La fine storica di Ponzio Pilato conferma quanto le sue paure, in quei giorni di Pasqua a Gerusalemme, fossero tutt’altro che infondate. Temendo che la gestione del caso di Gesù potesse ritorcersi contro di lui davanti all’imperatore, Pilato aveva cercato in ogni modo di evitare uno scandalo. Eppure fu proprio un altro caso, sempre legato alla gestione violenta di una popolazione religiosa difficile — i Samaritani — a decretare la sua caduta.

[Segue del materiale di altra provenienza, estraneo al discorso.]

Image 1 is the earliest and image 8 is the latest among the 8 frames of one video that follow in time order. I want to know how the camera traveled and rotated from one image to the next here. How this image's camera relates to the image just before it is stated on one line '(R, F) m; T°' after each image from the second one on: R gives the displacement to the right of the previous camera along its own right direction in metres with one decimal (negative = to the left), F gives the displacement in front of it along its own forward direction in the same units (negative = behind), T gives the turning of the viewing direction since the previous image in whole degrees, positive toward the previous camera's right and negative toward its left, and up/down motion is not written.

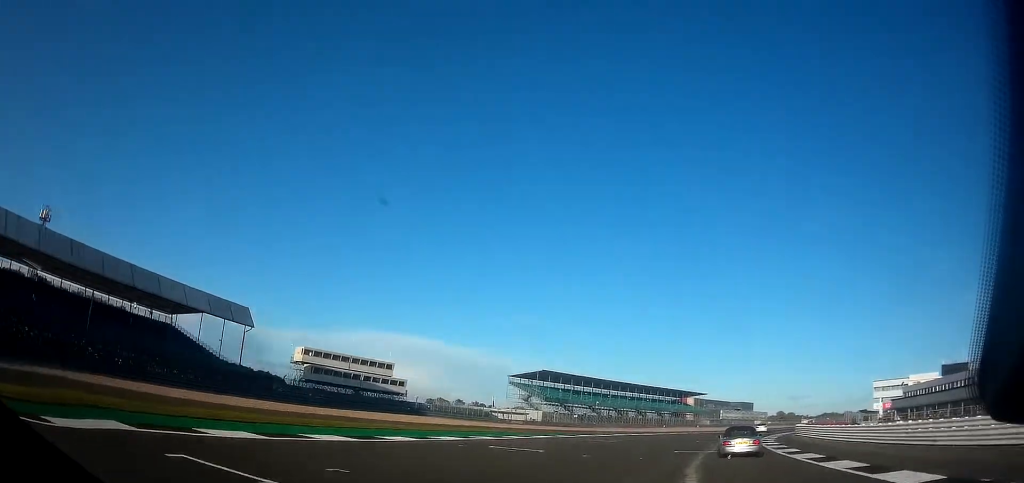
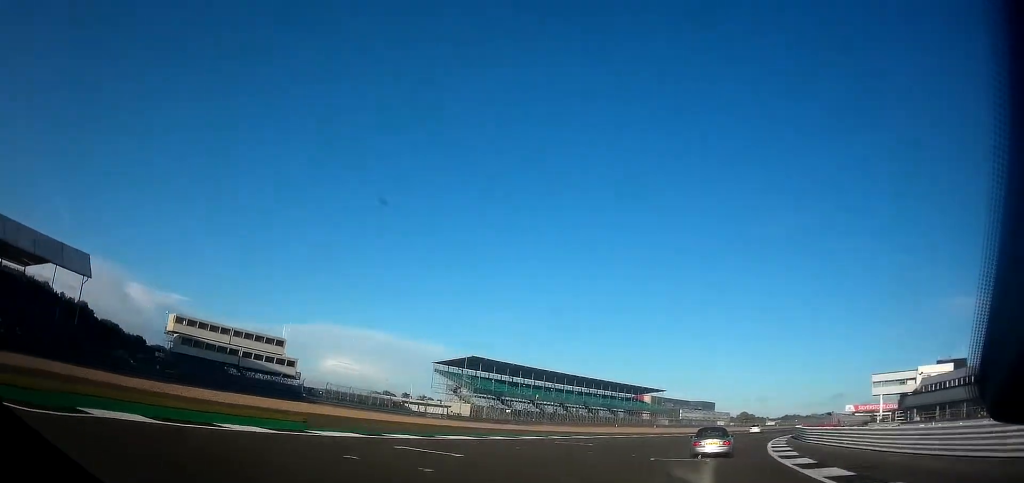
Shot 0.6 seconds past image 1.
(+0.5, +22.8) m; +4°
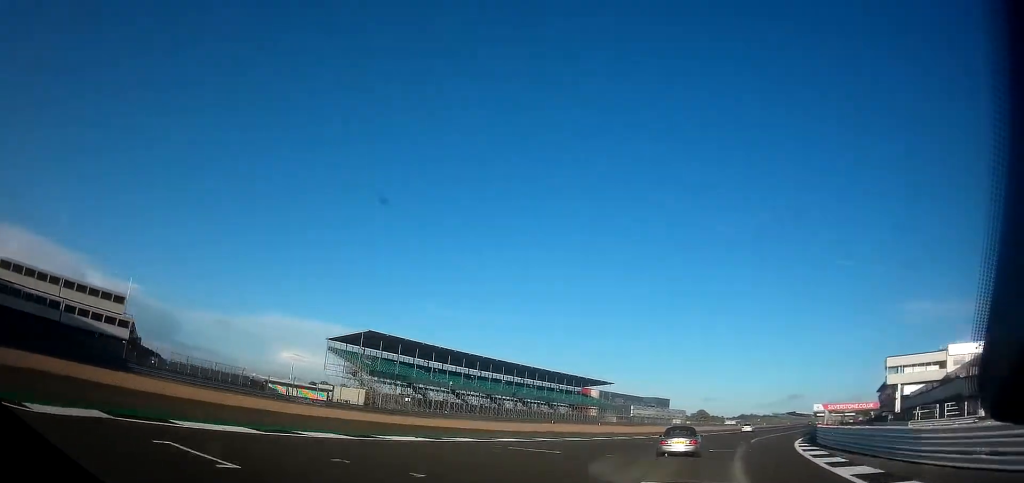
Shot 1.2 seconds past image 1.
(+1.1, +27.0) m; +4°
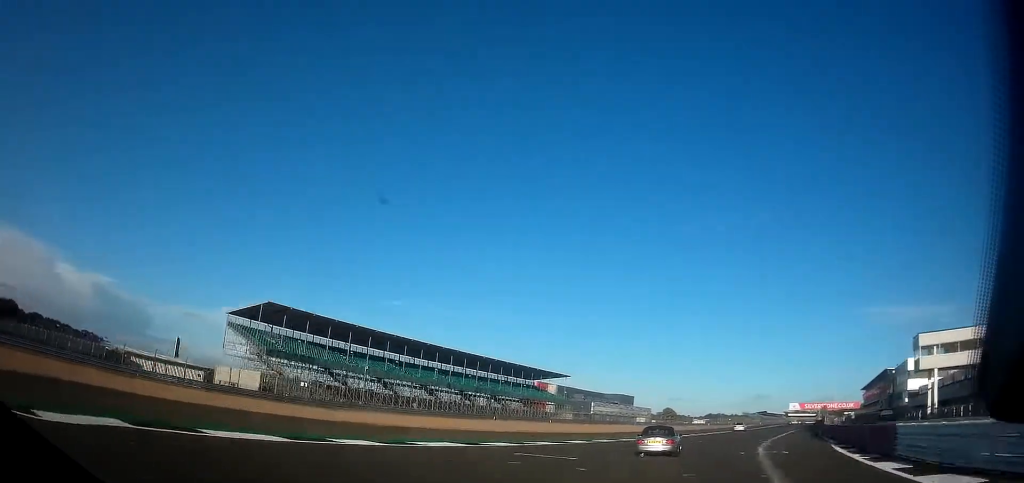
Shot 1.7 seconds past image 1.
(+0.5, +20.5) m; +3°
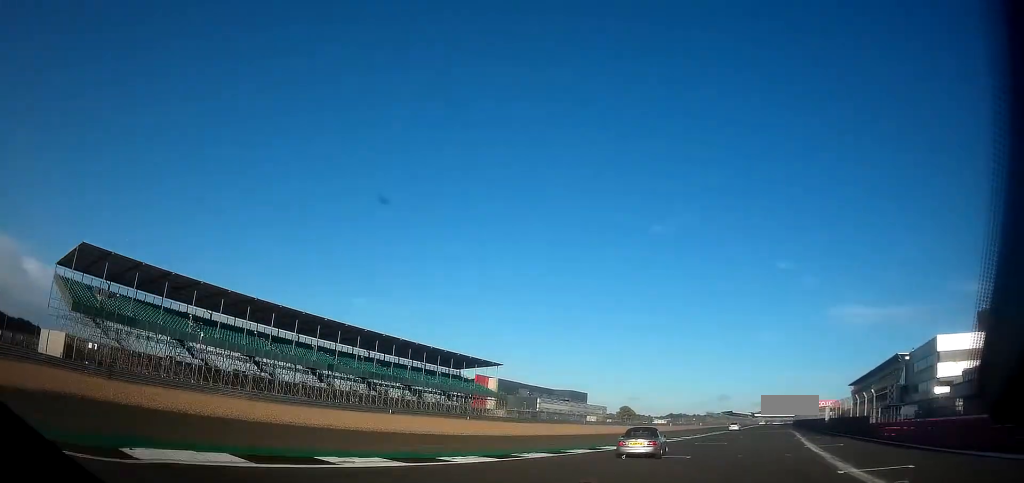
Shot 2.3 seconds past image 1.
(+0.8, +27.9) m; +3°
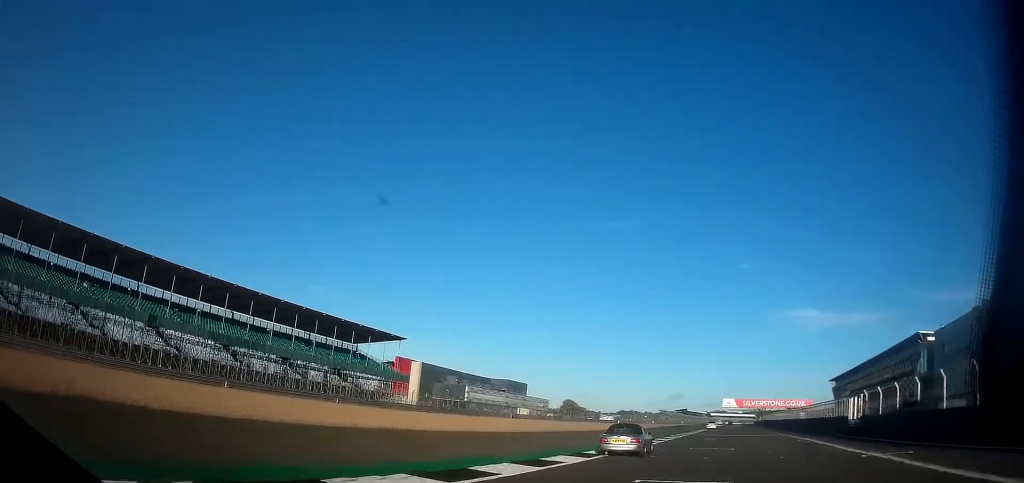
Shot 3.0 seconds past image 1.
(+1.0, +28.2) m; +2°
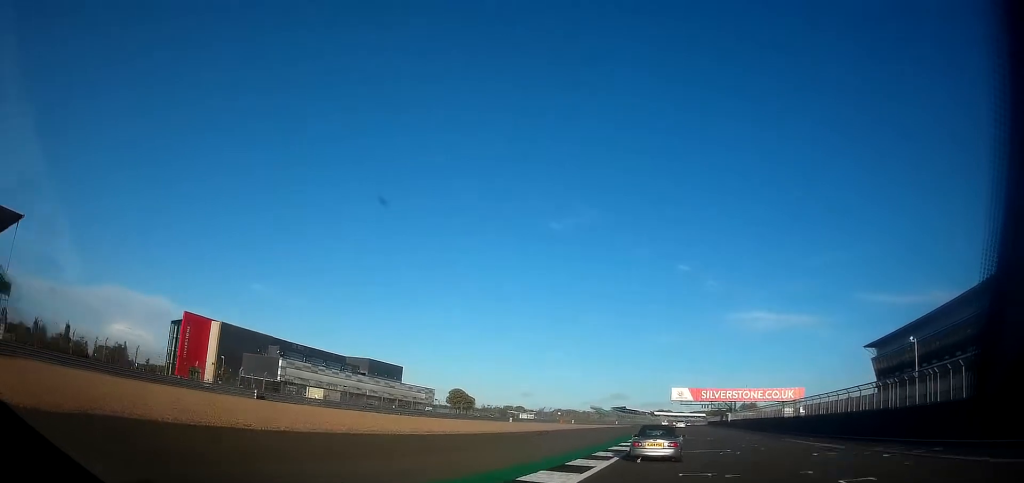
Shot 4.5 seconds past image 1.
(+1.6, +69.4) m; +2°
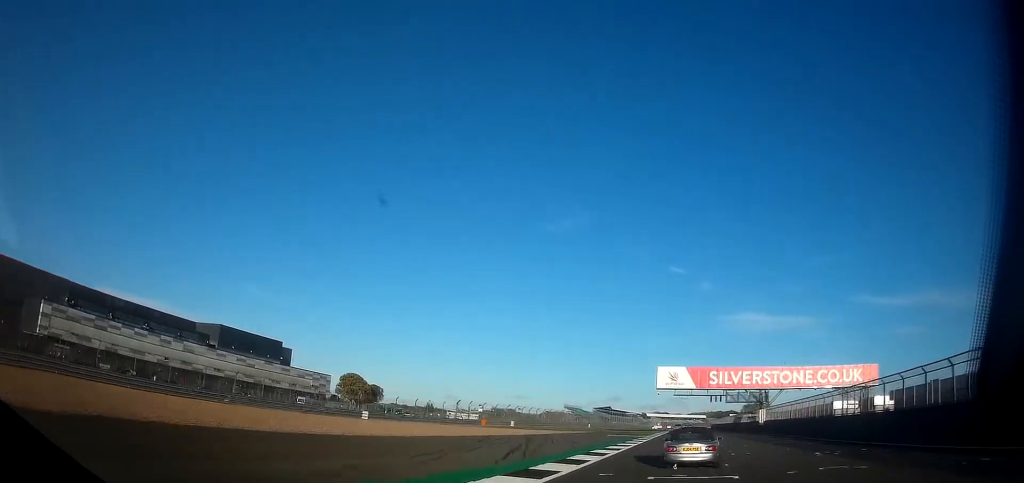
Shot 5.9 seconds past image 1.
(+0.2, +60.9) m; 0°

Attorno al 36-37 d.C., Pilato intervenne duramente contro un gruppo di samaritani radunatisi sul monte Garizim per motivi religiosi. La repressione fu tale che i Samaritani, notoriamente più filo-romani degli ebrei, lo denunciarono al legato di Siria, Lucio Vitellio. Pilato fu richiamato a Roma per rendere conto dei suoi atti davanti a Tiberio. Quando giunse in Italia, Tiberio era morto da poco. Le sue tracce si perdono tra ipotesi di esilio, di destituzione, forse di suicidio. Ma il dato certo è che il rischio che Pilato aveva temuto nel caso di Gesù si concretizzò esattamente per le stesse ragioni: il malcontento locale e l’accusa di aver gestito male l’ordine pubblico.

Intorno alla sua figura, nel tempo, si è formata una vasta letteratura. Alcuni — come Anatole France — immaginarono un Pilato anziano, alle terme di Baia, che non ricorda nemmeno il nome di Gesù di Nazareth. Altri — come Gertrud von Le Fort — hanno scritto pagine intensissime, in cui è la moglie di Pilato a raccontare un sogno angosciante: quello di miliardi di uomini che, nei secoli futuri, continueranno a pronunciare ogni giorno il nome di suo marito, accanto a quello del crocifisso.

È questa l’ironia della storia. Pilato, che aveva tentato in ogni modo di non essere coinvolto, di lavarsene le mani, di scaricare su altri la responsabilità, è rimasto per sempre imprigionato nella vicenda di Gesù. Non per scelta sua. Non per merito suo. Ma per il semplice fatto di essere stato lì, in quel giorno, a giudicare l’innocente e a non avere avuto il coraggio di difenderlo.

Ed è per questo che nessun altro nome della Passione è stato ripetuto così ossessivamente. Non Caifa. Non Erode. Non i capi del Sinedrio. Solo lui. Solo Pilato. Perché solo lui è rimasto, suo malgrado, a garantire la storicità di quella crocifissione.

Da allora, e per sempre, la voce dei cristiani di ogni tempo e di ogni luogo continua a ripeterlo.

Patì sotto Ponzio Pilato.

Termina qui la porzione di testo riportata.